Recently we started to see the above errors on this cluster. We see the shard size has reached limits but is that the cause of these errors ?

elastic+ 1530 1 11 Apr04 ? 06:22:54 /bin/java -Xms31g -Xmx31g -XX:+UseConcMarkSweepGC -XX:CMSInitiatingOccupancyFraction=75 -XX:+UseCMSInitiatingOccupancyOnly -XX:+DisableExplicitGC -XX:+AlwaysPreTouch -server -Xss1m -Djava.awt.headless=true -Dfile.encoding=UTF-8 -Djna.nosys=true -Djdk.io.permissionsUseCanonicalPath=true -Dio.netty.noUnsafe=true -Dio.netty.noKeySetOptimization=true -Dlog4j.shutdownHookEnabled=false -Dlog4j2.disable.jmx=true -Dlog4j.skipJansi=true -XX:+HeapDumpOnOutOfMemoryError -Xms31g -Xmx31g -Des.path.home=/usr/share/elasticsearch -Des.path.conf=/etc/elasticsearch -cp /usr/share/elasticsearch/lib/* org.elasticsearch.bootstrap.Elasticsearch -p /var/run/elasticsearch/elasticsearch.pid --quie

curl 0:9200/_cat/nodes?v

ip heap.percent ram.percent cpu load_1m load_5m load_15m node.role master name
10.109.42.243 29 98 4 1.11 0.83 0.79 mdi * y76762
10.109.42.244 39 81 3 0.56 0.57 0.65 mdi - y76763
10.109.42.245 74 87 4 0.42 0.49 0.79 mdi - y76764

curl 0:9200/_cat/shards?v

index shard prirep state docs store ip node
service 3 r STARTED 65707318 47.6gb 10.109.42.245 y76764
service 3 p STARTED 65707305 47.7gb 10.109.42.243 y76762
service 4 r STARTED 65725879 47.4gb 10.109.42.244 y76763
service 4 p STARTED 65725868 47.5gb 10.109.42.243 y76762
service 1 r STARTED 71039936 53.2gb 10.109.42.245 y76764
service 1 p STARTED 71039921 53.2gb 10.109.42.243 y76762
service 2 p STARTED 71136809 53.1gb 10.109.42.245 y76764
service 2 r STARTED 71136809 53.1gb 10.109.42.244 y76763
service 0 p STARTED 71084352 53.1gb 10.109.42.245 y76764
service 0 r STARTED 71084348 53.1gb 10.109.42.244 y76763
.kibana 0 r STARTED 3 16.8kb 10.109.42.244 y76763
.kibana 0 p STARTED 3 16.8kb 10.109.42.243 y76762

Please let me know if you need any other information.
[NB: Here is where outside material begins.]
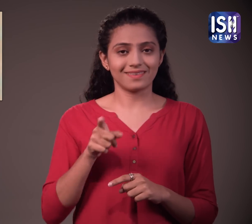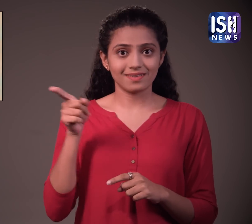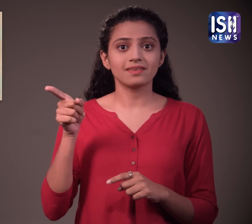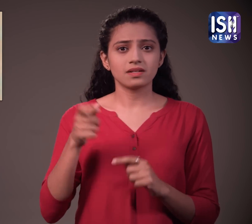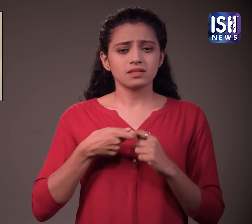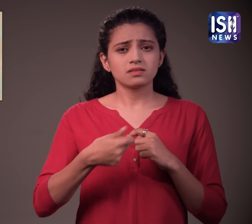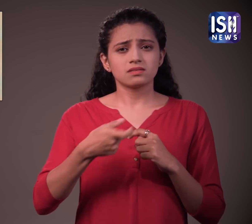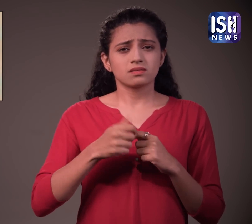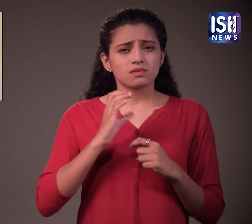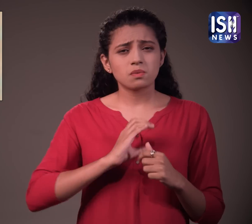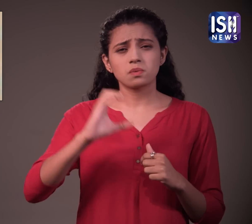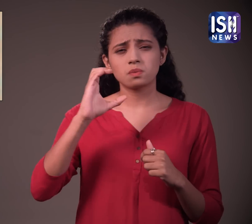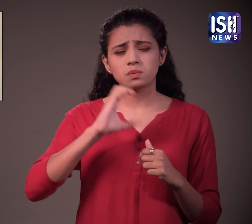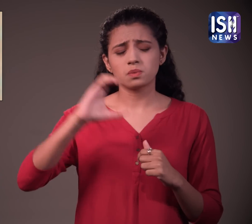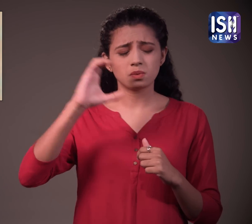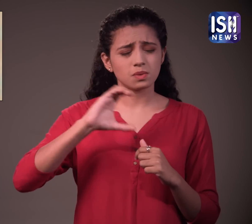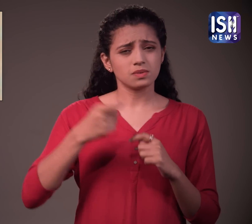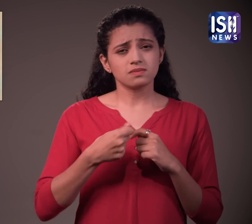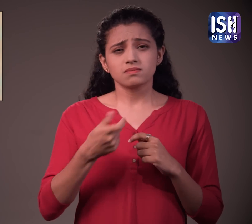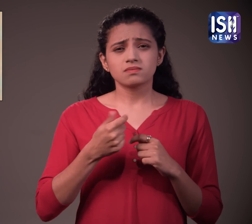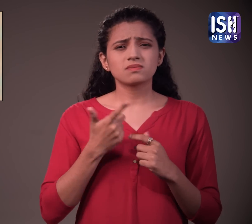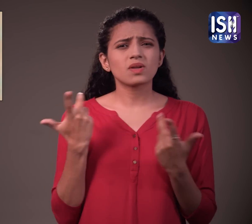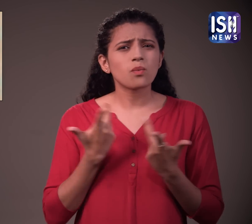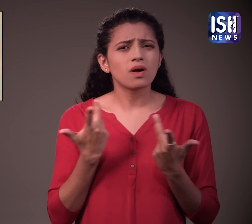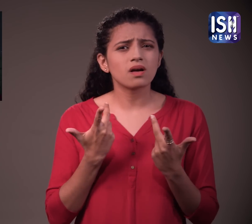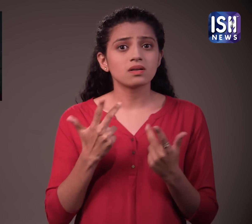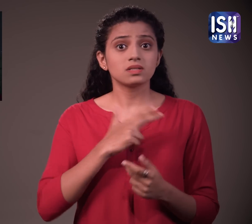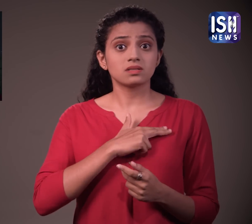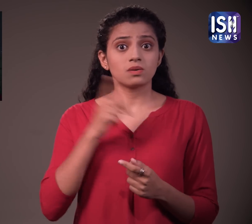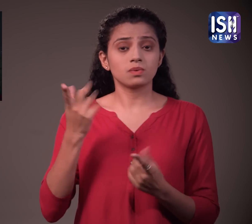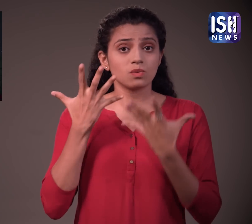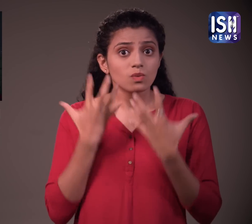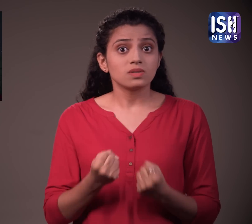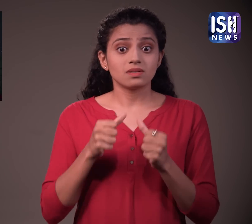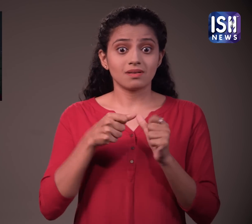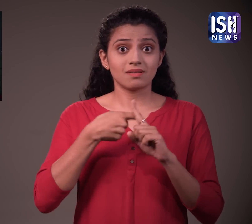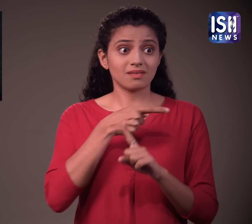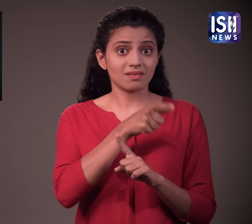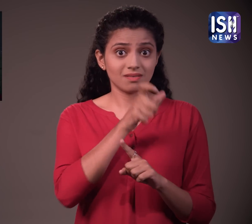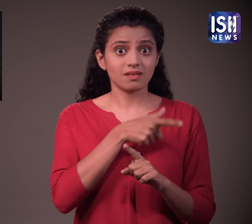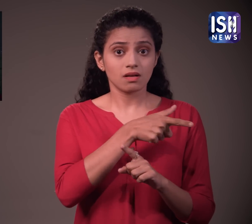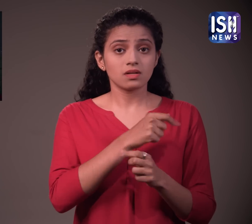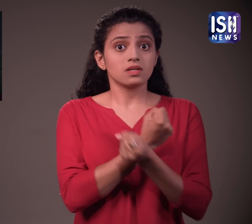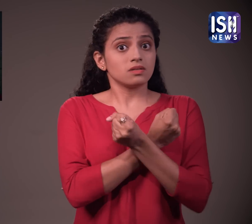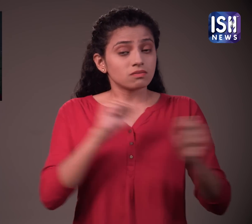अपने बेटे की रिहाई सुनिश्चित करने के लिए करोड़ो रुपे खर्च किये।

Looking to identify what is causing this issue and how to mitigate it ..

Hello Team,

Anyone had similar issues ? Do you need ny other details ?

Is there anything in the Elasticsearch logs indicating frequent or long GC? What type of hardware is this cluster deployed on?

Hello Christian,

No, there are no traces of long GC. These nodes are deployed on VMs with 64G RAM (32G heap) & 8 vCPUs.

We see only the timed out and received response entries in the logs and the cluster state going to yellow and back quite frequently.

Regards,
Vibin

Any suggestions ?

This topic was automatically closed 28 days after the last reply. New replies are no longer allowed.